The UPA maintains a list of constant values that translate to integer codes in the UFEGW. These integer codes are used to identify System API services as well as general FIX functionality. Constants could be regenerated via consts_gen.py. Some examples of the use of these codes in the above examples are:

service_list.add_field(UFE_CMD, UFE_CMD_SERVICE_LIST)

and

nos.add_fields([
    (COMMON_SYMBOL, "BHP"),
    (COMMON_CLORDID, "Ord01"),
    (COMMON_ORDERQTY, 100.),
    (COMMON_PRICE, 10.25),
    (COMMON_ORDTYPE, '1'),
    (COMMON_SIDE, '0'),
    (COMMON_TIMEINFORCE, '2'),
    (COMMON_TRANSACTTIME, "now")])

A full list of these constants is available at consts.py.
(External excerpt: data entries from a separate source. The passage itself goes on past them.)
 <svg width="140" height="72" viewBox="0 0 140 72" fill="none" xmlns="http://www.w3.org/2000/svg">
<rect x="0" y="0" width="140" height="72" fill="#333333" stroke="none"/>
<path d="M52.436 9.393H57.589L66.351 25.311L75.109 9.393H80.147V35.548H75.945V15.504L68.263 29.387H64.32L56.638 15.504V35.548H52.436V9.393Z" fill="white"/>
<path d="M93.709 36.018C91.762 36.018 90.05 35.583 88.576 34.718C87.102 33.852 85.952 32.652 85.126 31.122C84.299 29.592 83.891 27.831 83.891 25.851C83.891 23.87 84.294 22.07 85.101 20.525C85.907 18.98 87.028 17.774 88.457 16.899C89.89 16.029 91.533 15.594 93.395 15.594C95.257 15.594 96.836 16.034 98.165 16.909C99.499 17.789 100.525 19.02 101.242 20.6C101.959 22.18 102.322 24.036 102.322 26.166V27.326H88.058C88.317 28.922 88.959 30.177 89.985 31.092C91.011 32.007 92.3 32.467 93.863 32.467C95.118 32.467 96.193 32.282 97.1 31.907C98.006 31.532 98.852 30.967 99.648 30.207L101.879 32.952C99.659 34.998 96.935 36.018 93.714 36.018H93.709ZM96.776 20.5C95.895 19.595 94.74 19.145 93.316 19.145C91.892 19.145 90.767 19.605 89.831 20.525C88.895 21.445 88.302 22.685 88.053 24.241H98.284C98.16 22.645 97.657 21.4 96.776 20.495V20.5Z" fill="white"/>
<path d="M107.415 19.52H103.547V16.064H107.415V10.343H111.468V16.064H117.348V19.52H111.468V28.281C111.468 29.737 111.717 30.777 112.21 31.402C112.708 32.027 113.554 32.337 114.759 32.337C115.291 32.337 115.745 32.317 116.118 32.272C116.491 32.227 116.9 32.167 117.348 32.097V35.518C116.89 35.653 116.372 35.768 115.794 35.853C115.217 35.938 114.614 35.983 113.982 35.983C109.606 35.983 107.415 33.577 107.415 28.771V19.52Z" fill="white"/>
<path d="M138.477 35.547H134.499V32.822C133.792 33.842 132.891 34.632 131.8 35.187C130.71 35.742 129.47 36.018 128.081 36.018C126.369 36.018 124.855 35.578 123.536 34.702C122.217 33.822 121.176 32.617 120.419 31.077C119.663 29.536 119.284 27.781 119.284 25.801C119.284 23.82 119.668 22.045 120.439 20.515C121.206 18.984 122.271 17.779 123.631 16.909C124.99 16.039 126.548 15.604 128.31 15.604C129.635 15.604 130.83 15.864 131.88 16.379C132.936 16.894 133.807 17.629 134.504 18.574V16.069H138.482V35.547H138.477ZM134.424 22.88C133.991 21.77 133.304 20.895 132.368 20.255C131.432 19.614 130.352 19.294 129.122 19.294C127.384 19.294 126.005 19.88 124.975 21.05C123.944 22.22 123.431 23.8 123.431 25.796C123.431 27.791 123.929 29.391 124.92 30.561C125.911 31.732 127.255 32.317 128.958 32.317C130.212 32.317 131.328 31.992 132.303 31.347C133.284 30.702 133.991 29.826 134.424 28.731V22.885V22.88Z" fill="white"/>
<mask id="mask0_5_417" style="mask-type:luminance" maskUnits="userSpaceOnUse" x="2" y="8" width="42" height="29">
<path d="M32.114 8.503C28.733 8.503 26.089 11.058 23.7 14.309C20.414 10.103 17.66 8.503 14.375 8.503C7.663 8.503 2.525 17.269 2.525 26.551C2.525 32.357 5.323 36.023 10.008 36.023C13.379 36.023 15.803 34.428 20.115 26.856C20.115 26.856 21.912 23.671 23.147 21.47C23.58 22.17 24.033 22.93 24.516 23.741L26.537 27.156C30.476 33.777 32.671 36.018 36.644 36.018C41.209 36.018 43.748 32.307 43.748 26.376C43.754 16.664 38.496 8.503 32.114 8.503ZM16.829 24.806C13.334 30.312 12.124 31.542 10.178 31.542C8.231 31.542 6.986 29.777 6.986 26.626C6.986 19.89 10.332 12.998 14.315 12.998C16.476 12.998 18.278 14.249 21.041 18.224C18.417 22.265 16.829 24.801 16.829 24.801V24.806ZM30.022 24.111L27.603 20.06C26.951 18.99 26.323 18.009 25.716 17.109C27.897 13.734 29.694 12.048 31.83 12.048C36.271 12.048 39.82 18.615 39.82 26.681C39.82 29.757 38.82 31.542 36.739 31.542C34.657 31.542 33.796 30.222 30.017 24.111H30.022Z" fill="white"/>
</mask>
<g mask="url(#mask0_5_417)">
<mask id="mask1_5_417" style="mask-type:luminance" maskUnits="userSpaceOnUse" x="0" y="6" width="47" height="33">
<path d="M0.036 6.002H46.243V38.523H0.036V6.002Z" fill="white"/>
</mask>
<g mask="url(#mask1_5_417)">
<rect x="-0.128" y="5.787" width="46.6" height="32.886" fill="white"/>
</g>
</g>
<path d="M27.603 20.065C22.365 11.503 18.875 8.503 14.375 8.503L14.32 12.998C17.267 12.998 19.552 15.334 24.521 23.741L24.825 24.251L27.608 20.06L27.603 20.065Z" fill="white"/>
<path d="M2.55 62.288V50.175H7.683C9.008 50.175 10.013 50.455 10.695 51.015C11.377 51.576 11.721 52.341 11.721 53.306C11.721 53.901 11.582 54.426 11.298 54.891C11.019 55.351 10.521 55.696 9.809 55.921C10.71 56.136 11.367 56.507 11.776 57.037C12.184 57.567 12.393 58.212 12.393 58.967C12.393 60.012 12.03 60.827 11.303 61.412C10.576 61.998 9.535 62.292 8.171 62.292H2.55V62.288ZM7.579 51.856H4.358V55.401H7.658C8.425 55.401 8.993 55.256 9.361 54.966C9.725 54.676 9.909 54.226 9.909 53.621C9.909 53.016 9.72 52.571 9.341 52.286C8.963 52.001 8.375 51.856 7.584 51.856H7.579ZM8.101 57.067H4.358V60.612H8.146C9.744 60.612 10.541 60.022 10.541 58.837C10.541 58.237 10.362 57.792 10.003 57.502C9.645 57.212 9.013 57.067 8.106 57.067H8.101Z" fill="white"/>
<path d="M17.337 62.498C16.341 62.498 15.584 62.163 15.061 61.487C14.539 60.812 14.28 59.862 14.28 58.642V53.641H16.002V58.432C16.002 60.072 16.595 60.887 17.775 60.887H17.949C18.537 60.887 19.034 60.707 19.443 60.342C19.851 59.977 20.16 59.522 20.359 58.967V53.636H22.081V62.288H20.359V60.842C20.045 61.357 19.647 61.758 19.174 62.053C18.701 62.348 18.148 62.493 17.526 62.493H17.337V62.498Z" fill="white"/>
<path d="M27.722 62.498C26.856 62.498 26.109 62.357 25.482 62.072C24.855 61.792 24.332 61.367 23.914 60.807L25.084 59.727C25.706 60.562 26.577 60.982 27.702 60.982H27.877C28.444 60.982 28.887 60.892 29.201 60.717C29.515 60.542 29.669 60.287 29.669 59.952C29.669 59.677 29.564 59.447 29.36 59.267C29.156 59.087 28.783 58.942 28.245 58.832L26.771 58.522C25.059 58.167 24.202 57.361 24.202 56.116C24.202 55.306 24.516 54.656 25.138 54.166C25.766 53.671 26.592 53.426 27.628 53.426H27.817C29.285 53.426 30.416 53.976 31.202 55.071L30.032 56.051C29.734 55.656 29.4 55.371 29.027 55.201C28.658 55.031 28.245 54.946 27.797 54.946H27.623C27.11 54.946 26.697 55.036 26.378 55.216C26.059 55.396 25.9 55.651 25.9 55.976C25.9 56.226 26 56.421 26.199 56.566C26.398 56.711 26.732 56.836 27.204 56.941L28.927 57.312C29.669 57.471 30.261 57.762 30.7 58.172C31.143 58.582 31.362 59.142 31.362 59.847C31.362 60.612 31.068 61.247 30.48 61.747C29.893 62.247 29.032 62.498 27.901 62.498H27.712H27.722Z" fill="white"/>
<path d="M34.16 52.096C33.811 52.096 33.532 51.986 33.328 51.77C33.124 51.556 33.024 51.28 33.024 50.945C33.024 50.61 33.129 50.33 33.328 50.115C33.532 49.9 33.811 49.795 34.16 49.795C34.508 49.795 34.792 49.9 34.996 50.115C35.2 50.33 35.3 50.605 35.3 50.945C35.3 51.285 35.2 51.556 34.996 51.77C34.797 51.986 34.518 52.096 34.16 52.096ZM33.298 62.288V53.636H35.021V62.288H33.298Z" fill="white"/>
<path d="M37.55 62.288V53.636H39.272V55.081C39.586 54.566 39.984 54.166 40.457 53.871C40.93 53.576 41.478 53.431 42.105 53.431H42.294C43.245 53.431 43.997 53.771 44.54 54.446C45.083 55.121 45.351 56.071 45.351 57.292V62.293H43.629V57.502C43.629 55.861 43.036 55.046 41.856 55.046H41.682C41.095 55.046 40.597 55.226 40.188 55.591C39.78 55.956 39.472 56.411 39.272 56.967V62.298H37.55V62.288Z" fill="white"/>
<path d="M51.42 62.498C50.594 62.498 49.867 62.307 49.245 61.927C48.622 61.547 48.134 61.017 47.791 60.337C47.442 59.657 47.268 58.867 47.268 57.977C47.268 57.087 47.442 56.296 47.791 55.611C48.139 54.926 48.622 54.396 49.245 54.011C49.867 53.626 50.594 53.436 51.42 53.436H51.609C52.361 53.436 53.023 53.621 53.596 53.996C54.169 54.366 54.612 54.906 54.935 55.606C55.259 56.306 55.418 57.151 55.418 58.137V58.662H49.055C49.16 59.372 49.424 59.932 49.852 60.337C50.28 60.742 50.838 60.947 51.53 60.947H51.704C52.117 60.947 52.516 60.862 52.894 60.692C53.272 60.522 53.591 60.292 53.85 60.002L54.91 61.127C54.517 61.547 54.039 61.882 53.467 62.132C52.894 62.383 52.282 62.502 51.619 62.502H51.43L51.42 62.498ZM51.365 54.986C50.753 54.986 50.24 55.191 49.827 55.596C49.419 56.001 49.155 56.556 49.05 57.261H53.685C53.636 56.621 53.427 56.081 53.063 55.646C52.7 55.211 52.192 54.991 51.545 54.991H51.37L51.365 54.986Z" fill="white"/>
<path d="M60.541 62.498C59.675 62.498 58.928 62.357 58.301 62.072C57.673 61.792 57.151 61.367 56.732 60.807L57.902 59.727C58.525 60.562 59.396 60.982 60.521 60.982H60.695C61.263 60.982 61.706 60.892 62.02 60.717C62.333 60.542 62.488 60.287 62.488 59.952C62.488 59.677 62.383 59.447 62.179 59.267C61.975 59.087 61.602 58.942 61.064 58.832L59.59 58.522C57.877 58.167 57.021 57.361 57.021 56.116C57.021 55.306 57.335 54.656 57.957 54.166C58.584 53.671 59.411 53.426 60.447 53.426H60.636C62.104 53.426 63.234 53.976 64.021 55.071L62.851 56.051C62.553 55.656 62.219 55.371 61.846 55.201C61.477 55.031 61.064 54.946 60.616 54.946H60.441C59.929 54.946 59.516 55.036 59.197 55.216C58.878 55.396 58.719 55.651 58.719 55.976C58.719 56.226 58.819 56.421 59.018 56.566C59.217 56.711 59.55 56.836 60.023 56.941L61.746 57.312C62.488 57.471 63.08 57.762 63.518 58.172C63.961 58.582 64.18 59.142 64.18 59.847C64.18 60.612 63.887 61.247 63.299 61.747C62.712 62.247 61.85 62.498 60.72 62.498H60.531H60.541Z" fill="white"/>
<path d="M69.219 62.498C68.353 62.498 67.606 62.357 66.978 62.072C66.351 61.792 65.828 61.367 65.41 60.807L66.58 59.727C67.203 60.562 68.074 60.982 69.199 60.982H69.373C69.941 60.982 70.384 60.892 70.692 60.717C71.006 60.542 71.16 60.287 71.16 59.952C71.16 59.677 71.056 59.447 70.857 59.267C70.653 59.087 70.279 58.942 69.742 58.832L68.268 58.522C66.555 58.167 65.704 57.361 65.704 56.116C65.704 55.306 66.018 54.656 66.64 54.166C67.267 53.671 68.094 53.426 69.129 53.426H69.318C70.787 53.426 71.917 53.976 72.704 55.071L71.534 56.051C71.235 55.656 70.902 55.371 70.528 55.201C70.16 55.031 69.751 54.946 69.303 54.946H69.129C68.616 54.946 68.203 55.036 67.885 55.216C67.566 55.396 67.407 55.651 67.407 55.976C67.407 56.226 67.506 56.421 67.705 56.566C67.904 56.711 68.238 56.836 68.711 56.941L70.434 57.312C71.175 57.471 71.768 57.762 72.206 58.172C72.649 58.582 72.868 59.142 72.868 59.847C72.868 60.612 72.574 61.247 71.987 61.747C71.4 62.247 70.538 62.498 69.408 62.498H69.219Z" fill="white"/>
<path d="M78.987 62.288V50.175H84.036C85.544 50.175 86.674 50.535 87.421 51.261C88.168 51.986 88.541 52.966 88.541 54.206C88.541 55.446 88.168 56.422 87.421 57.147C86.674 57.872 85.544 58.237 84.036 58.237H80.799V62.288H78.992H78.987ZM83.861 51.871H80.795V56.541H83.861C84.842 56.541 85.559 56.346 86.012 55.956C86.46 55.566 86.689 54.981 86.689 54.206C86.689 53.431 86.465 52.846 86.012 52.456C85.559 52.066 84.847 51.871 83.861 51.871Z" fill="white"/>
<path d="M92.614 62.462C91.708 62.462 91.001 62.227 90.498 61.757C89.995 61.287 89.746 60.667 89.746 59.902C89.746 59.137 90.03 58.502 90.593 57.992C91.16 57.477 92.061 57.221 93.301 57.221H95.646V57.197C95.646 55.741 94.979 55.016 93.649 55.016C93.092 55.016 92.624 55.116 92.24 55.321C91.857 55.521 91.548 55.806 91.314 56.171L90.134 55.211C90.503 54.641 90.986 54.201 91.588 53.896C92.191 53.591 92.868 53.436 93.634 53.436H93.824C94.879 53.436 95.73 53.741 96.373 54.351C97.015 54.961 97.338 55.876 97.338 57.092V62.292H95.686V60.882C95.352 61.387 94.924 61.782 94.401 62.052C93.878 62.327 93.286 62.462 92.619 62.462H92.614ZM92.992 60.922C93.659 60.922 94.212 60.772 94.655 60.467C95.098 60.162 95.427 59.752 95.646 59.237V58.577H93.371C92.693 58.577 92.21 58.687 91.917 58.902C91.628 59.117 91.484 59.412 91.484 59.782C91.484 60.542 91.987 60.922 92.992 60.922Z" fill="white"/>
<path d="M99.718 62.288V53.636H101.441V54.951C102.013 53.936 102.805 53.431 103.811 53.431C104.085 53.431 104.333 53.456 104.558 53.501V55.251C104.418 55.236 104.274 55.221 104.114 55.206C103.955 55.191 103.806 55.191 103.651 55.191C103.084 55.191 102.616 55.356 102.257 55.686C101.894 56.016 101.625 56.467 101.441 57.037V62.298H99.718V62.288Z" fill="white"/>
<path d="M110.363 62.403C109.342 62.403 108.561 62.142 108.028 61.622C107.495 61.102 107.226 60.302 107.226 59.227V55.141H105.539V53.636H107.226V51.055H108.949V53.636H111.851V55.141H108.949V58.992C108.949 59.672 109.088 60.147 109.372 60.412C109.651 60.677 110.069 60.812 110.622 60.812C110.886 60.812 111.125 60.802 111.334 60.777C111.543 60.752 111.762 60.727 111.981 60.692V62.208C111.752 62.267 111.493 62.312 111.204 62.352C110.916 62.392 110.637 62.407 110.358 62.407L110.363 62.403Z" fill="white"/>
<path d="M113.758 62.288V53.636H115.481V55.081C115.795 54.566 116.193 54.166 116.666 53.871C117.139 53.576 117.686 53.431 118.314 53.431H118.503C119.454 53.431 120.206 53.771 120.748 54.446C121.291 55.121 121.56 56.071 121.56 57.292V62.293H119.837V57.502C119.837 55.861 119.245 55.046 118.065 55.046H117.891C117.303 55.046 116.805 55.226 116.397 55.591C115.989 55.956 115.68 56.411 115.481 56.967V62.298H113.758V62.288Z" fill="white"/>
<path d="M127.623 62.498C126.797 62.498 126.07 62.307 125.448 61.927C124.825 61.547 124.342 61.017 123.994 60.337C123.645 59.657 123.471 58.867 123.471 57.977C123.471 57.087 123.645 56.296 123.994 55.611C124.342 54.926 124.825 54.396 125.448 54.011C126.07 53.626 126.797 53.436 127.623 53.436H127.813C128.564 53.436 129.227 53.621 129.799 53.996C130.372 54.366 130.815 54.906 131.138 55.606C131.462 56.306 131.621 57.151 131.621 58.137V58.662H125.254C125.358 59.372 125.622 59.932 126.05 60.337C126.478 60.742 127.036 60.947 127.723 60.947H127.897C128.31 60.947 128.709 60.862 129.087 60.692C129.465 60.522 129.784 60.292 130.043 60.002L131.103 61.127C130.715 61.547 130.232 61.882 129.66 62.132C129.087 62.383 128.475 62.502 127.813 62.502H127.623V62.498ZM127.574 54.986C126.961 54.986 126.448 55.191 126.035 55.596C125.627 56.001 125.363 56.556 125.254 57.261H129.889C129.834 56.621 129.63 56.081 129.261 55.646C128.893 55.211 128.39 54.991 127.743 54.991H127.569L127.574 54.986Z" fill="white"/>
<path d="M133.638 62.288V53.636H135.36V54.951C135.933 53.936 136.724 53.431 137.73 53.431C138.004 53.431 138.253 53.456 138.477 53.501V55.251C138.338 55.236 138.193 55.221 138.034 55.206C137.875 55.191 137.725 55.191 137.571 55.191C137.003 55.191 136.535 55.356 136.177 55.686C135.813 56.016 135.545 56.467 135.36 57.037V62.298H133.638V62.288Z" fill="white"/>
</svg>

The UPA provides constants for all stock FIX variants:

# FIX50SP2 NOS creation
fix42 = FIX42_Fields
fix50 = FIX50SP2_Fields

def create_fix50_nos():
    now = datetime.now()
    g1 = Message.Builder.GroupRef()
    g2 = Message.Builder.GroupRef()
    nos = uc.create_message() \
        .set_type(MsgType.st_fix) \
        .set_long_name("NewOrderSingle") \
        .set_name(fix50.MsgType.NEWORDERSINGLE) \
        .add_fields([(fix50.ClOrdID.tag, "123"),
                     (fix50.TransactTime.tag, now),
                     (fix50.ExecInst.tag, fix50.ExecInst.ALL_OR_NONE),
                     (fix50.TimeInForce.tag, fix50.TimeInForce.FILL_OR_KILL),
                     (fix50.Price.tag, 111.22),
                     (fix50.OrderQty.tag, 33),
                     (fix50.Side.tag, fix50.Side.BUY)]) \
        .add_field(fix50.OrdType.tag, fix50.OrdType.LIMIT) \
        .add_field(fix50.Account.tag, "ACC1") \
        .add_group(fix50.NoAllocs.tag, g1, lambda m, grp:
            m.add_group_item(g1)
                   .set_long_name("NoAlloc")
                   .set_type(MsgType.st_fixmsg)
                   .set_seq(1)
                   .add_field(fix50.AllocAccount.tag, "ALLOC1")
                   .add_field(fix50.AllocQty.tag, 50.) and
            m.add_group_item(g1)
                   .set_long_name("NoAlloc")
                   .set_type(MsgType.st_fixmsg)
                   .set_seq(3)
                   .add_field(fix50.AllocAccount.tag, "ALLOC2")
                   .add_field(fix50.AllocQty.tag, 60.)
                   )
    return nos

In order to generate a debug log, the UPA requires a file called "upa.log" to be present in the root directory from which the UPA is run. If this file is present, the UPA knows to sink debug messages into this file during its execution. If the file is not present, the UPA will not execute any logging function.

Be careful to ensure this file is not present when you do not wish to capture logs; the UPA will have better performance when not executing any logging functions.